I thought of undulary Robin, but it's an obsolete word. This is a crossword, not an old English lesson. Or is it ?


----------



## Robin (Sep 28, 2016)

mikeyB said:


> I thought of undulary Robin, but it's an obsolete word. This is a crossword, not an old English lesson. Or is it ?


With David in charge, anythings possible. We had one a few weeks ago that only came up in a French dictionary. Keeps us on our toes!


----------



## David H (Sep 28, 2016)

Robin said:


> 9. Macrocyte
> 10. Septeal?


Well done Robin


----------



## David H (Sep 28, 2016)

Robin said:


> 7 Bigarreau
> 2 Undulary?


Well done Robin


----------



## David H (Sep 28, 2016)

P.S. am waiting for the laptop to uplate (win 10) only on 12%
Seems to take for ever.


----------



## David H (Sep 28, 2016)

P.S only finished now


----------



## David H (Sep 28, 2016)

At last Grid updated.


----------



## mikeyB (Sep 28, 2016)

The only word that remotely fits 4 is menthol, but that is a substance not an effect.

As far as I can find, there is no word in English that fits the clue for 8, so I give in.


----------



## David H (Sep 28, 2016)

mikeyB said:


> The only word that remotely fits 4 is menthol, but that is a substance not an effect.
> 
> As far as I can find, there is no word in English that fits the clue for 8, so I give in.


Well done mikeyB (effects the skin or membrane)


----------



## Robin (Sep 28, 2016)

I e been working along the lines of something to do with Quinsy for 8, but can't get an ending to fit.


----------



## David H (Sep 28, 2016)

Robin said:


> I e been working along the lines of something to do with Quinsy for 8, but can't get an ending to fit.

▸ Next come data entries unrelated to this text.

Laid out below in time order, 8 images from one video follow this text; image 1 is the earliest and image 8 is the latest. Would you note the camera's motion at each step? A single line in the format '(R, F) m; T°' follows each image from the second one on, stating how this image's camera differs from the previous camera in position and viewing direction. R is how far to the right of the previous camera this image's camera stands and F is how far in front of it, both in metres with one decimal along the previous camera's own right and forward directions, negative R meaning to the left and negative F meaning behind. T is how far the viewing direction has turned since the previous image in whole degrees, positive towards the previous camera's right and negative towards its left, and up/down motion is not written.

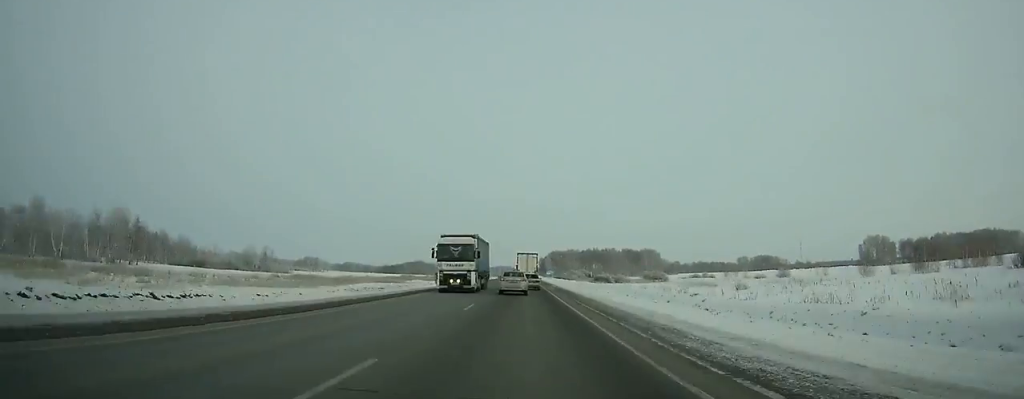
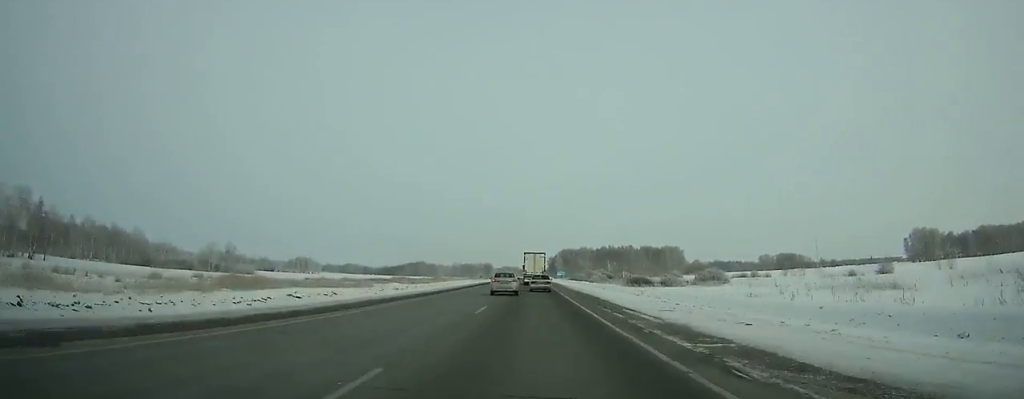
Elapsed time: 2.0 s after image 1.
(-0.4, +49.2) m; 0°
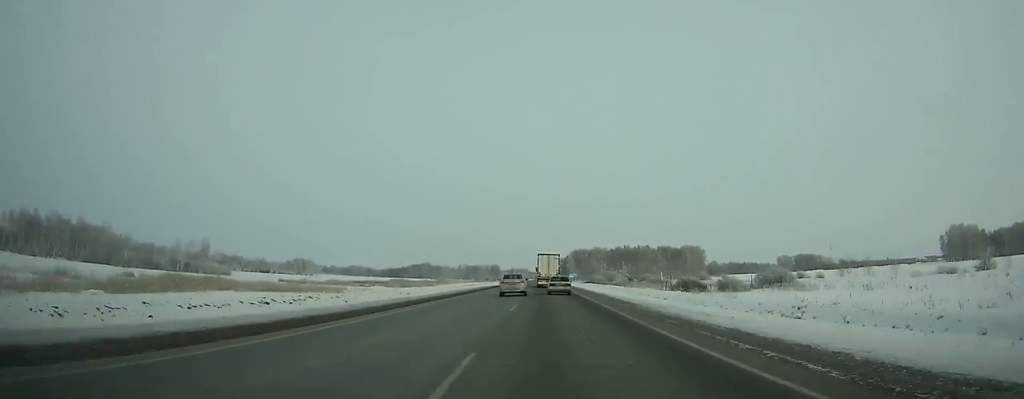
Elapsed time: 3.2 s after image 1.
(-0.2, +29.4) m; 0°
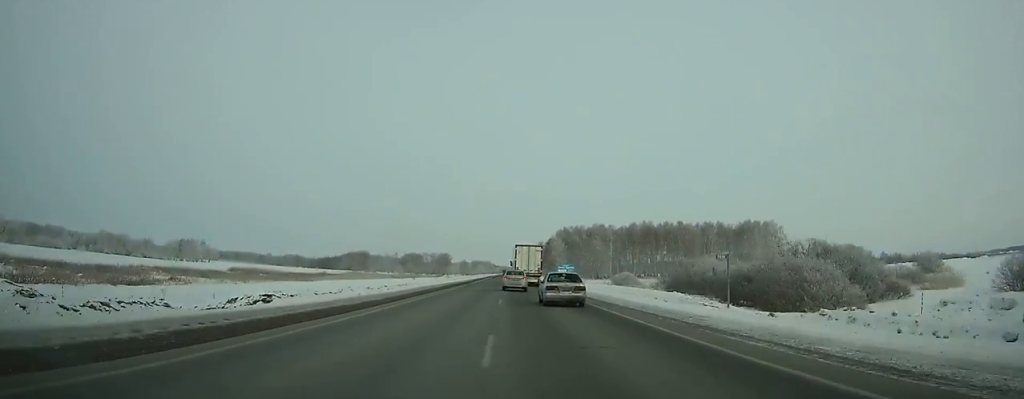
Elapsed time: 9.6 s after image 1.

It's an English expression - Irish Equivalent is 'Throttle' - *think webbed feet and water*


----------



## Robin (Sep 28, 2016)

Quackle. The Oxford dictionary gives it as an East Anglian regional dialect, seventeenth century. A bit too obscure for me to have at my fingertips!


----------



## David H (Sep 28, 2016)

Robin said:


> Quackle. The Oxford dictionary gives it as an East Anglian regional dialect, seventeenth century. A bit too obscure for me to have at my fingertips!


Well done Robin


----------



## mikeyB (Sep 28, 2016)

Quackle??? 

17th century East Anglian regional dialect? Completely unfair. Even AZED in the Observer doesn't stoop to such depths of obscurity.


----------